● **Assignment**: Search the entries for the line containing "618.877,340.753 617.922,339.74C616.968,338.726 616.49,337.313". Repeat it, then every line after it, exactly through the final line.

● **Source material**:
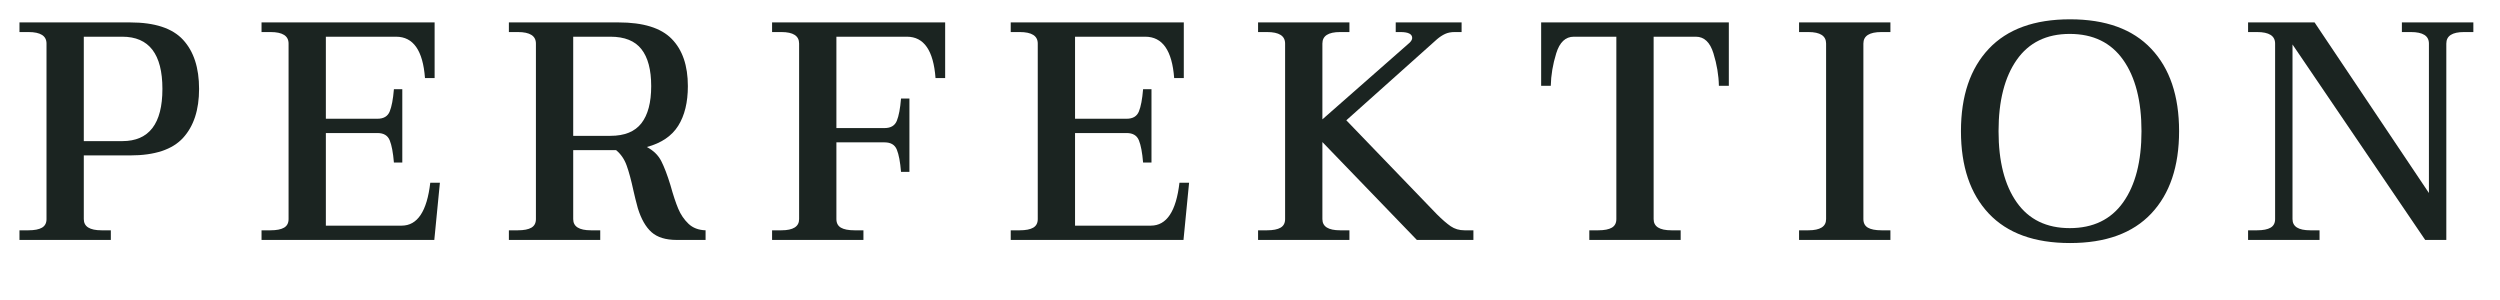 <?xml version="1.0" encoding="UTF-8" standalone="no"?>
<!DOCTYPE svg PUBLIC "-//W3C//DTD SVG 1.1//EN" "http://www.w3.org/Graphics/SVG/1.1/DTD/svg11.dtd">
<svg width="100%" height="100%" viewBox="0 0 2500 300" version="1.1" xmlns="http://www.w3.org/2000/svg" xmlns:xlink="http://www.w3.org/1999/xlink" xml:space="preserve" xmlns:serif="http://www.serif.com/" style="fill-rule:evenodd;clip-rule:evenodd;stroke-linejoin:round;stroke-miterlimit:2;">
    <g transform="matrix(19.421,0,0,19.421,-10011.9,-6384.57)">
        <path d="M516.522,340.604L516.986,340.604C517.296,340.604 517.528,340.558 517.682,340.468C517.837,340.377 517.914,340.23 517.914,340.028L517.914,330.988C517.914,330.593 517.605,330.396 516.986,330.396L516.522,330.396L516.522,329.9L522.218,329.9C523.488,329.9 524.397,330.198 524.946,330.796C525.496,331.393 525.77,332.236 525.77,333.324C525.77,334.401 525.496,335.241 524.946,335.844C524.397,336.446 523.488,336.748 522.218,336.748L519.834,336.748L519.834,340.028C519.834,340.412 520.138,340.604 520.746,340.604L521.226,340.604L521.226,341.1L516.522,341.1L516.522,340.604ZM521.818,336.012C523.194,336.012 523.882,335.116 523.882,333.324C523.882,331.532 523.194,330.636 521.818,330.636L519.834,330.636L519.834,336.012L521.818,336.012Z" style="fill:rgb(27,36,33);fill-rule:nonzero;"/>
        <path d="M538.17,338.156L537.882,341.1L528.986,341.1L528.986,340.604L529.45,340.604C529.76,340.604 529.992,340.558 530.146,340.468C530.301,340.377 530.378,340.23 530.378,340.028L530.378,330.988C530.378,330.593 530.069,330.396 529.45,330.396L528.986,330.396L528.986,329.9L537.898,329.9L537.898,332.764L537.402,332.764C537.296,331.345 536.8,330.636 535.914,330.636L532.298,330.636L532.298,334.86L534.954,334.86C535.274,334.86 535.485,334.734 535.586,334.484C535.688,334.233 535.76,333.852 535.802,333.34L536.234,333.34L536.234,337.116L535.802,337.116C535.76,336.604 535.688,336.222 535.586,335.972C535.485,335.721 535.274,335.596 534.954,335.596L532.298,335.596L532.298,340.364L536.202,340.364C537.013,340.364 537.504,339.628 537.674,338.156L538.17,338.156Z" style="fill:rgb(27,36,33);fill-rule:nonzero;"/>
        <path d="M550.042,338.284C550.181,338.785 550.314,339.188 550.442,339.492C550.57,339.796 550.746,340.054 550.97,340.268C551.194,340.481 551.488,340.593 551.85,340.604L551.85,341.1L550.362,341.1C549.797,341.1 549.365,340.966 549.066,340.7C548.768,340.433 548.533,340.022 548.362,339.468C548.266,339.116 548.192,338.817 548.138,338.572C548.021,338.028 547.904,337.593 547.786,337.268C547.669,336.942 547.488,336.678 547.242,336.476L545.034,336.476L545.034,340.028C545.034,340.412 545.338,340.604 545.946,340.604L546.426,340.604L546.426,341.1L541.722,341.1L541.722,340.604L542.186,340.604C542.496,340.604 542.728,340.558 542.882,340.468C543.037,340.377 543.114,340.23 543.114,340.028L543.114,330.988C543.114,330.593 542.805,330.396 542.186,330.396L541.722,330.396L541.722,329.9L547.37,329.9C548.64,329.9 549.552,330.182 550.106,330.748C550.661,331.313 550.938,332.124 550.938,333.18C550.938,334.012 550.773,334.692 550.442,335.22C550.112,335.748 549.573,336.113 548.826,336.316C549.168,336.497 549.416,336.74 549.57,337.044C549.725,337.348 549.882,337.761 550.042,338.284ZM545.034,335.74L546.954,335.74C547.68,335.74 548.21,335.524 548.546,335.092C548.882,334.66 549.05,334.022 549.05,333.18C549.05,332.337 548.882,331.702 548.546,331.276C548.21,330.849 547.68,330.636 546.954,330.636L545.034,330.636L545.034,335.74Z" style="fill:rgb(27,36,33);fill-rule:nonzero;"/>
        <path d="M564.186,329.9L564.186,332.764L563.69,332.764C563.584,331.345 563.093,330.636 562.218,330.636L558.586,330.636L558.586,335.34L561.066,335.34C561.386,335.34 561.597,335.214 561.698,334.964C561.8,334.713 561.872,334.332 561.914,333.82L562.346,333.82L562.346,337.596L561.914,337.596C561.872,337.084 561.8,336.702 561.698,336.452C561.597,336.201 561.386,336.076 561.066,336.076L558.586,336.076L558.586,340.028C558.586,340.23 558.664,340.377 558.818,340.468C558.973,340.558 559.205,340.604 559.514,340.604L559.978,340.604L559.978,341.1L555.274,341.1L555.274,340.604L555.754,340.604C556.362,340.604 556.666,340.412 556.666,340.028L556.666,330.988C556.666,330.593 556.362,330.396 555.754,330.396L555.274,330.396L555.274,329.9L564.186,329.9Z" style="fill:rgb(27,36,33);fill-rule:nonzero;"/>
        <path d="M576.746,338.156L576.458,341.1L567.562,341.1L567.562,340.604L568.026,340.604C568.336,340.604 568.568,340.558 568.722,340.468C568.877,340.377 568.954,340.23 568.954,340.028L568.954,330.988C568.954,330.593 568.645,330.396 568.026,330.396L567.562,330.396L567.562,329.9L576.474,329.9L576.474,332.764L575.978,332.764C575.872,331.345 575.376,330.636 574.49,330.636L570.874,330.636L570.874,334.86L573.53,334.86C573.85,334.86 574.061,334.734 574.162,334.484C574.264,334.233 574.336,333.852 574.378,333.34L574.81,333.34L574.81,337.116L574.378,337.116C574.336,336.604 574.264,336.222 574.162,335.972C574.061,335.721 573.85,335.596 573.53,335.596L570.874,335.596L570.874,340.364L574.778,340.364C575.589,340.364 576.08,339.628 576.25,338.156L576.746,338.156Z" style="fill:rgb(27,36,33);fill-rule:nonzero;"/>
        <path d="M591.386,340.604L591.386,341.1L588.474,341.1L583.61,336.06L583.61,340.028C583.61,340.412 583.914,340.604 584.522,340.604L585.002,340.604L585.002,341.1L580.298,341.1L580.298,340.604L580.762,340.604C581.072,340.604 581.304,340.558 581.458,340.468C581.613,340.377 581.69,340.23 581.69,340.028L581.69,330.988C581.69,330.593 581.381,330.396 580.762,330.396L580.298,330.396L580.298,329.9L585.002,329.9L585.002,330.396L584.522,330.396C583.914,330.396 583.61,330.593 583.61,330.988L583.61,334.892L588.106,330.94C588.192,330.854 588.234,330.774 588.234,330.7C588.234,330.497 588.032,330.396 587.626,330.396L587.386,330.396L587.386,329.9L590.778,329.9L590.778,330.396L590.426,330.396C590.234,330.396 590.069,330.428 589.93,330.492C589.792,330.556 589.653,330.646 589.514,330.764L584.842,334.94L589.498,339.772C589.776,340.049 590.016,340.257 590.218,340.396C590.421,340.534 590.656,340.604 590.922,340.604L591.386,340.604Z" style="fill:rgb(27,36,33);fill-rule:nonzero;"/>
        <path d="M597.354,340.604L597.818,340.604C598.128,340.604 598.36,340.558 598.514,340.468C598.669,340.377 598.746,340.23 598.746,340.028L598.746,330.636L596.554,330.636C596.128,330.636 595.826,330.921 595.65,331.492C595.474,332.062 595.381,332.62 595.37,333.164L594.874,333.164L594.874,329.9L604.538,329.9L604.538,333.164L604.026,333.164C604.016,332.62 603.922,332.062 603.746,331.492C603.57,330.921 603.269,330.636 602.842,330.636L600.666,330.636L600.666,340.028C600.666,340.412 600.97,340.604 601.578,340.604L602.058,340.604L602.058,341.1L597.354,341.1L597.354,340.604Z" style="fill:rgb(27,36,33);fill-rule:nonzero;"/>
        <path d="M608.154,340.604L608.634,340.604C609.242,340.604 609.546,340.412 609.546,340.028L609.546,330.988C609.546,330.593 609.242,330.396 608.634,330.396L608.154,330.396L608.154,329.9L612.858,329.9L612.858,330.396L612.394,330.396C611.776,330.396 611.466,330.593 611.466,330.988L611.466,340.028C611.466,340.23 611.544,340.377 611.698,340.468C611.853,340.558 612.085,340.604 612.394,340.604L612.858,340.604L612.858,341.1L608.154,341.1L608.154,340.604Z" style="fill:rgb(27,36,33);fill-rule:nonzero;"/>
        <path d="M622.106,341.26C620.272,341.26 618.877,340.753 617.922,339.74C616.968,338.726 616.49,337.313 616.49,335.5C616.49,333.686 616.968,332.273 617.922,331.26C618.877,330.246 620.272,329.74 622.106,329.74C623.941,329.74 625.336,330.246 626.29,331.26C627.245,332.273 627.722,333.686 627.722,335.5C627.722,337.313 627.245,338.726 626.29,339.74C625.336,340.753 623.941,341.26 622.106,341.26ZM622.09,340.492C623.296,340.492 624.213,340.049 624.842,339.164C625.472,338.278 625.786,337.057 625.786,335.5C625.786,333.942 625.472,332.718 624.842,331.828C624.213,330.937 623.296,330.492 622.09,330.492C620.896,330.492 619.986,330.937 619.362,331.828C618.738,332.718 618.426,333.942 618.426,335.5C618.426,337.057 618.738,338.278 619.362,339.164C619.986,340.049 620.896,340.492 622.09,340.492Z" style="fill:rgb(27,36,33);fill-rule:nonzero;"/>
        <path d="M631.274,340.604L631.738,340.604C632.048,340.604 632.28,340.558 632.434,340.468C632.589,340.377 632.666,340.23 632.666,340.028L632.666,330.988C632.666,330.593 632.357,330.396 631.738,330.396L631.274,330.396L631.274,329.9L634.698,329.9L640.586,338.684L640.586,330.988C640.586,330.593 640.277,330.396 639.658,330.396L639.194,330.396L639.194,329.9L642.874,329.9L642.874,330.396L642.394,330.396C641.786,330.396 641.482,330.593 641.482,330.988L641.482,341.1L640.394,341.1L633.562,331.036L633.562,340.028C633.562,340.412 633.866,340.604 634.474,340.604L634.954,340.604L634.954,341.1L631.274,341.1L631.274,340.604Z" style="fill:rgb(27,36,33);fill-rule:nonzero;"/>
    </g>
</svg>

● **The completed task**:
        <path d="M622.106,341.26C620.272,341.26 618.877,340.753 617.922,339.74C616.968,338.726 616.49,337.313 616.49,335.5C616.49,333.686 616.968,332.273 617.922,331.26C618.877,330.246 620.272,329.74 622.106,329.74C623.941,329.74 625.336,330.246 626.29,331.26C627.245,332.273 627.722,333.686 627.722,335.5C627.722,337.313 627.245,338.726 626.29,339.74C625.336,340.753 623.941,341.26 622.106,341.26ZM622.09,340.492C623.296,340.492 624.213,340.049 624.842,339.164C625.472,338.278 625.786,337.057 625.786,335.5C625.786,333.942 625.472,332.718 624.842,331.828C624.213,330.937 623.296,330.492 622.09,330.492C620.896,330.492 619.986,330.937 619.362,331.828C618.738,332.718 618.426,333.942 618.426,335.5C618.426,337.057 618.738,338.278 619.362,339.164C619.986,340.049 620.896,340.492 622.09,340.492Z" style="fill:rgb(27,36,33);fill-rule:nonzero;"/>
        <path d="M631.274,340.604L631.738,340.604C632.048,340.604 632.28,340.558 632.434,340.468C632.589,340.377 632.666,340.23 632.666,340.028L632.666,330.988C632.666,330.593 632.357,330.396 631.738,330.396L631.274,330.396L631.274,329.9L634.698,329.9L640.586,338.684L640.586,330.988C640.586,330.593 640.277,330.396 639.658,330.396L639.194,330.396L639.194,329.9L642.874,329.9L642.874,330.396L642.394,330.396C641.786,330.396 641.482,330.593 641.482,330.988L641.482,341.1L640.394,341.1L633.562,331.036L633.562,340.028C633.562,340.412 633.866,340.604 634.474,340.604L634.954,340.604L634.954,341.1L631.274,341.1L631.274,340.604Z" style="fill:rgb(27,36,33);fill-rule:nonzero;"/>
    </g>
</svg>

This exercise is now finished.